» TRY IT
Write out every record below exactly, leaving the pictures out.
START STUDY MATERIAL
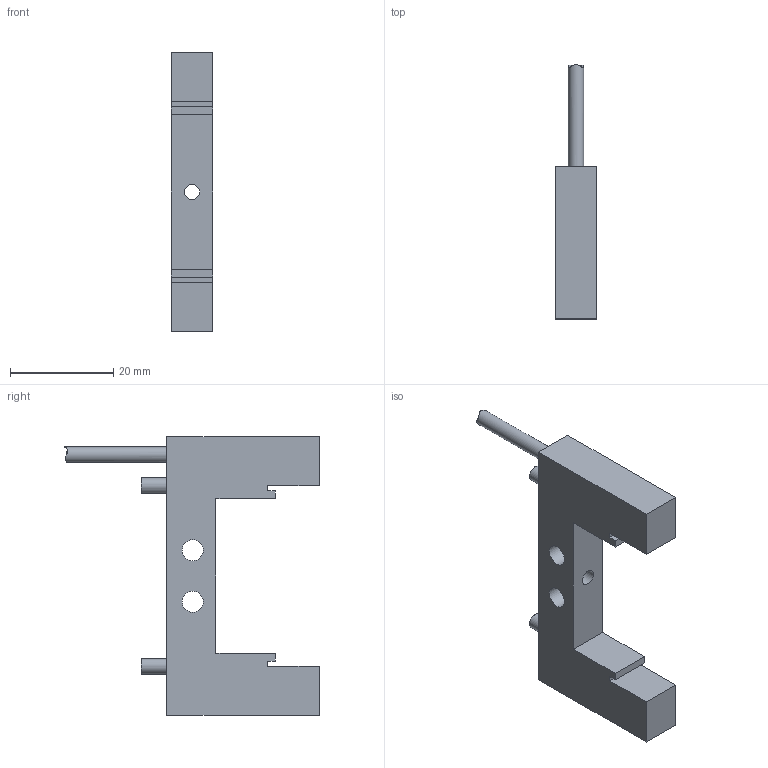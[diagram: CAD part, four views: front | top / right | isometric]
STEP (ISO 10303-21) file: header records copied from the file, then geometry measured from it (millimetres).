
FILE_DESCRIPTION(/* description */ (''),/* implementation_level */ '2;1');
FILE_NAME(/* name */ 'ipf_z3d_OGSI0326.stp',/* time_stamp */ '2019-01-14T14:05:56+01:00',/* author */ ('g.aydin'),/* organization */ (''),/* preprocessor_version */ 'ST-DEVELOPER v15.2',/* originating_system */ 'Autodesk Inventor 2014',/* authorisation */ '');
FILE_SCHEMA (('AUTOMOTIVE_DESIGN { 1 0 10303 214 3 1 1 }'));
Length unit declared in the file: millimetre
Products named in the file (1): ipf_z3d_OGSI0326
Bounding box: 8 x 49.29 x 54 mm (x, y, z)
Volume: 7464.5 mm3; surface area: 4181.5 mm2
Topology: 1 solids, 1 shells, 31 faces, 73 edges, 49 vertices
Faces by surface type: plane 22, cylinder 8, bspline 1
Full cylindrical faces by diameter (mm): 2.4 x2, 3 x4, 4.1 x2
Entity records: 976 total; most frequent: CARTESIAN_POINT 196, DIRECTION 140, ORIENTED_EDGE 128, EDGE_CURVE 64, EDGE_LOOP 50, LINE 48, VECTOR 48, VERTEX_POINT 48
END STUDY MATERIAL
» SOLUTION TO THE PROBLEM
[diagram: CAD part, four views: front | top / right | isometric]
STEP (ISO 10303-21) file: header records copied from the file, then geometry measured from it (millimetres).
FILE_DESCRIPTION(/* description */ (''),/* implementation_level */ '2;1');
FILE_NAME(/* name */ 'ipf_z3d_OGSI0326.stp',/* time_stamp */ '2019-01-14T14:05:56+01:00',/* author */ ('g.aydin'),/* organization */ (''),/* preprocessor_version */ 'ST-DEVELOPER v15.2',/* originating_system */ 'Autodesk Inventor 2014',/* authorisation */ '');
FILE_SCHEMA (('AUTOMOTIVE_DESIGN { 1 0 10303 214 3 1 1 }'));
Length unit declared in the file: millimetre
Products named in the file (1): ipf_z3d_OGSI0326
Bounding box: 8 x 49.29 x 54 mm (x, y, z)
Volume: 7464.5 mm3; surface area: 4181.5 mm2
Topology: 1 solids, 1 shells, 31 faces, 73 edges, 49 vertices
Faces by surface type: plane 22, cylinder 8, bspline 1
Full cylindrical faces by diameter (mm): 2.4 x2, 3 x4, 4.1 x2
Entity records: 976 total; most frequent: CARTESIAN_POINT 196, DIRECTION 140, ORIENTED_EDGE 128, EDGE_CURVE 64, EDGE_LOOP 50, LINE 48, VECTOR 48, VERTEX_POINT 48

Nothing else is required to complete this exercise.